→ **Exercise details**:
Set each line of the data down exactly, please.

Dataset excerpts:
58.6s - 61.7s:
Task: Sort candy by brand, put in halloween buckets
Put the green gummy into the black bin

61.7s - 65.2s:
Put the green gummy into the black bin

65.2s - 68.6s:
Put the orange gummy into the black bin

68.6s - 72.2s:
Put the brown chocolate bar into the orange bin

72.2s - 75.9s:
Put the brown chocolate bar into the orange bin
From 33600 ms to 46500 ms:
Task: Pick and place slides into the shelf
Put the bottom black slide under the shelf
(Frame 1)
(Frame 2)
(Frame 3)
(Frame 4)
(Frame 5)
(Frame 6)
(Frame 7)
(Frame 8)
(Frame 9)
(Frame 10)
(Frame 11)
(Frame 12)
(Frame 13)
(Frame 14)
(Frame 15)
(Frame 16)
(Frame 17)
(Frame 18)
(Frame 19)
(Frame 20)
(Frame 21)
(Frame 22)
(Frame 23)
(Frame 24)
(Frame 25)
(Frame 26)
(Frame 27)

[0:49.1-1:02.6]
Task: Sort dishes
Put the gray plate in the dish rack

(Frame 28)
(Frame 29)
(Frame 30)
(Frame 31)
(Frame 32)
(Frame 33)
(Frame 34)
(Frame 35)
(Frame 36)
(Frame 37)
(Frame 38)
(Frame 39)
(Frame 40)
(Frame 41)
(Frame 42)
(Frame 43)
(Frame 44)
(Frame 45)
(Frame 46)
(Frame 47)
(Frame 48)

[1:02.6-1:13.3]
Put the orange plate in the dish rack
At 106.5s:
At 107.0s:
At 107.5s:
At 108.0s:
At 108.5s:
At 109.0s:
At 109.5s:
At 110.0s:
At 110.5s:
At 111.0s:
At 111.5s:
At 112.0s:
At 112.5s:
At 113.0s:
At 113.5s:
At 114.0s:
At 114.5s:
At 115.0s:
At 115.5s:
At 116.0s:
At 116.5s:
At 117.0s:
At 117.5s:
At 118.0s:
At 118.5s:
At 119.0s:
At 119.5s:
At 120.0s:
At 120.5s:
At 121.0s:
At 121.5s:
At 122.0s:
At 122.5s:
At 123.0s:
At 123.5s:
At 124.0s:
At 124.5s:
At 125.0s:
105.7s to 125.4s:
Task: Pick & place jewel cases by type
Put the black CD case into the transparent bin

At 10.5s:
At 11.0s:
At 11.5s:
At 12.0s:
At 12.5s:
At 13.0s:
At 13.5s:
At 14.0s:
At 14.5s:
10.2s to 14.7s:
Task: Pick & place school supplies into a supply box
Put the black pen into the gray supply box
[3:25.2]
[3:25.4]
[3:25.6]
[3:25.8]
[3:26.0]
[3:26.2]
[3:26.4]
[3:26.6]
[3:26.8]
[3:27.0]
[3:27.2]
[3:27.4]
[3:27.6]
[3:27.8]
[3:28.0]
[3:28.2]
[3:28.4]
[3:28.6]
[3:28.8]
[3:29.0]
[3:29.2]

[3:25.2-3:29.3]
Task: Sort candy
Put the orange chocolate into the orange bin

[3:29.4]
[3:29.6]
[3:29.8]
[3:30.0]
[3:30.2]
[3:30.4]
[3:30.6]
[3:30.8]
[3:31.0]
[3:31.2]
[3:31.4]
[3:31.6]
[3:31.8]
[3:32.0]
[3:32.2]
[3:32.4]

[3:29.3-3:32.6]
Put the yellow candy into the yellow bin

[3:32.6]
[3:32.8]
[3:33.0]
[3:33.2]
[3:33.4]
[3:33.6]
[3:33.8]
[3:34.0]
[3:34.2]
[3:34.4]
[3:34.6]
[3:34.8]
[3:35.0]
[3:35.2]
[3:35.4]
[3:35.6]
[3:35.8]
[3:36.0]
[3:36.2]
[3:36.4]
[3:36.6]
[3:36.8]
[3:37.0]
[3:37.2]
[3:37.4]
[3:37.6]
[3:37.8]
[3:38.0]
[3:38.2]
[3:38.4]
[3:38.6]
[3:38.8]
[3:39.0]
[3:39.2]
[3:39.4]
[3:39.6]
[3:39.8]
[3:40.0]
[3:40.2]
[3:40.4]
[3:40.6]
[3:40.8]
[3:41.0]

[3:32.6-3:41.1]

→ **Solved problem**:
58.6s - 61.7s:
Task: Sort candy by brand, put in halloween buckets
Put the green gummy into the black bin

61.7s - 65.2s:
Put the green gummy into the black bin

65.2s - 68.6s:
Put the orange gummy into the black bin

68.6s - 72.2s:
Put the brown chocolate bar into the orange bin

72.2s - 75.9s:
Put the brown chocolate bar into the orange bin
From 33600 ms to 46500 ms:
Task: Pick and place slides into the shelf
Put the bottom black slide under the shelf
(Frame 1)
(Frame 2)
(Frame 3)
(Frame 4)
(Frame 5)
(Frame 6)
(Frame 7)
(Frame 8)
(Frame 9)
(Frame 10)
(Frame 11)
(Frame 12)
(Frame 13)
(Frame 14)
(Frame 15)
(Frame 16)
(Frame 17)
(Frame 18)
(Frame 19)
(Frame 20)
(Frame 21)
(Frame 22)
(Frame 23)
(Frame 24)
(Frame 25)
(Frame 26)
(Frame 27)

[0:49.1-1:02.6]
Task: Sort dishes
Put the gray plate in the dish rack

(Frame 28)
(Frame 29)
(Frame 30)
(Frame 31)
(Frame 32)
(Frame 33)
(Frame 34)
(Frame 35)
(Frame 36)
(Frame 37)
(Frame 38)
(Frame 39)
(Frame 40)
(Frame 41)
(Frame 42)
(Frame 43)
(Frame 44)
(Frame 45)
(Frame 46)
(Frame 47)
(Frame 48)

[1:02.6-1:13.3]
Put the orange plate in the dish rack
At 106.5s:
At 107.0s:
At 107.5s:
At 108.0s:
At 108.5s:
At 109.0s:
At 109.5s:
At 110.0s:
At 110.5s:
At 111.0s:
At 111.5s:
At 112.0s:
At 112.5s:
At 113.0s:
At 113.5s:
At 114.0s:
At 114.5s:
At 115.0s:
At 115.5s:
At 116.0s:
At 116.5s:
At 117.0s:
At 117.5s:
At 118.0s:
At 118.5s:
At 119.0s:
At 119.5s:
At 120.0s:
At 120.5s:
At 121.0s:
At 121.5s:
At 122.0s:
At 122.5s:
At 123.0s:
At 123.5s:
At 124.0s:
At 124.5s:
At 125.0s:
105.7s to 125.4s:
Task: Pick & place jewel cases by type
Put the black CD case into the transparent bin

At 10.5s:
At 11.0s:
At 11.5s:
At 12.0s:
At 12.5s:
At 13.0s:
At 13.5s:
At 14.0s:
At 14.5s:
10.2s to 14.7s:
Task: Pick & place school supplies into a supply box
Put the black pen into the gray supply box
[3:25.2]
[3:25.4]
[3:25.6]
[3:25.8]
[3:26.0]
[3:26.2]
[3:26.4]
[3:26.6]
[3:26.8]
[3:27.0]
[3:27.2]
[3:27.4]
[3:27.6]
[3:27.8]
[3:28.0]
[3:28.2]
[3:28.4]
[3:28.6]
[3:28.8]
[3:29.0]
[3:29.2]

[3:25.2-3:29.3]
Task: Sort candy
Put the orange chocolate into the orange bin

[3:29.4]
[3:29.6]
[3:29.8]
[3:30.0]
[3:30.2]
[3:30.4]
[3:30.6]
[3:30.8]
[3:31.0]
[3:31.2]
[3:31.4]
[3:31.6]
[3:31.8]
[3:32.0]
[3:32.2]
[3:32.4]

[3:29.3-3:32.6]
Put the yellow candy into the yellow bin

[3:32.6]
[3:32.8]
[3:33.0]
[3:33.2]
[3:33.4]
[3:33.6]
[3:33.8]
[3:34.0]
[3:34.2]
[3:34.4]
[3:34.6]
[3:34.8]
[3:35.0]
[3:35.2]
[3:35.4]
[3:35.6]
[3:35.8]
[3:36.0]
[3:36.2]
[3:36.4]
[3:36.6]
[3:36.8]
[3:37.0]
[3:37.2]
[3:37.4]
[3:37.6]
[3:37.8]
[3:38.0]
[3:38.2]
[3:38.4]
[3:38.6]
[3:38.8]
[3:39.0]
[3:39.2]
[3:39.4]
[3:39.6]
[3:39.8]
[3:40.0]
[3:40.2]
[3:40.4]
[3:40.6]
[3:40.8]
[3:41.0]

[3:32.6-3:41.1]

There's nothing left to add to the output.